_PROMPT_
Find each line of the material below in which the word "shows" occurs, and return it.

_DATA LISTING_
----------

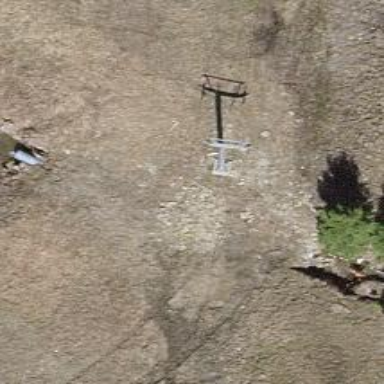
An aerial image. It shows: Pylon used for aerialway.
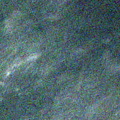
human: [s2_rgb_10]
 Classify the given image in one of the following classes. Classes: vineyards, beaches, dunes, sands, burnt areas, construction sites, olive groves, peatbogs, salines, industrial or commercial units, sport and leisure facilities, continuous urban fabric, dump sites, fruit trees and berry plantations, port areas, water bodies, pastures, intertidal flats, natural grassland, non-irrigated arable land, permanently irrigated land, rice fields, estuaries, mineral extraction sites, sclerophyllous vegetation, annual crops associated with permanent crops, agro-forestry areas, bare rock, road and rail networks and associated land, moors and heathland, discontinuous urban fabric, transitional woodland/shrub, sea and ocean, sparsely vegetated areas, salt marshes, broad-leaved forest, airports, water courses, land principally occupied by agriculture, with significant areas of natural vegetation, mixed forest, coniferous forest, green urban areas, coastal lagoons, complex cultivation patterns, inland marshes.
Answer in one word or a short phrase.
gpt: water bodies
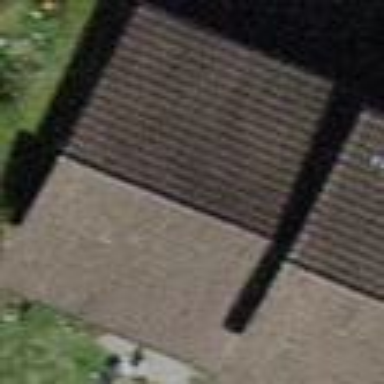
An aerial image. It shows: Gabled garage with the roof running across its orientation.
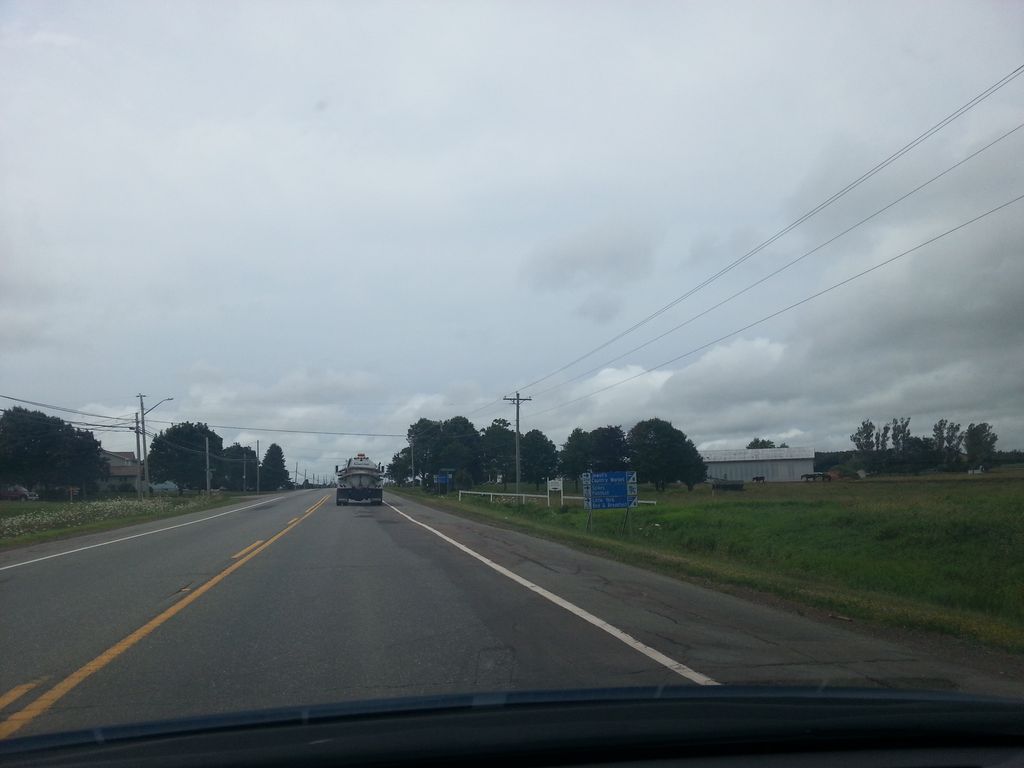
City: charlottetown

----------

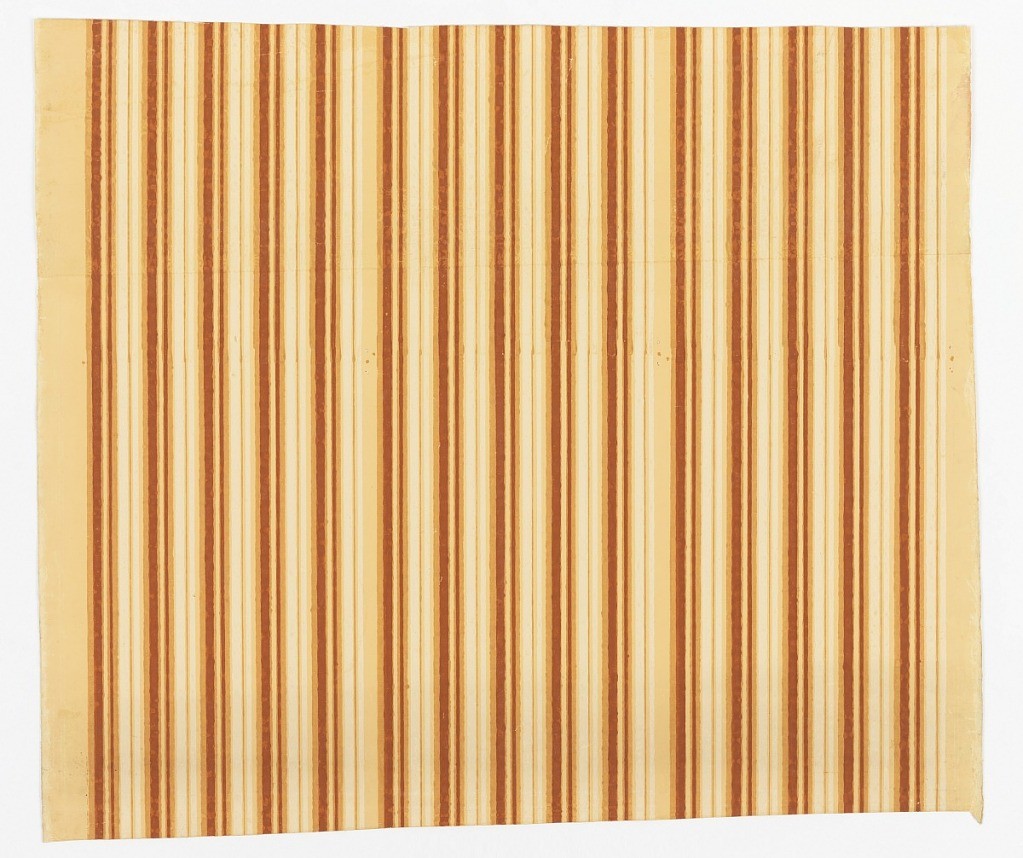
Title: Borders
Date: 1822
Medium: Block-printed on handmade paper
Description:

----------

_TASK SOLUTION_
An aerial image. It shows: Pylon used for aerialway.
An aerial image. It shows: Gabled garage with the roof running across its orientation.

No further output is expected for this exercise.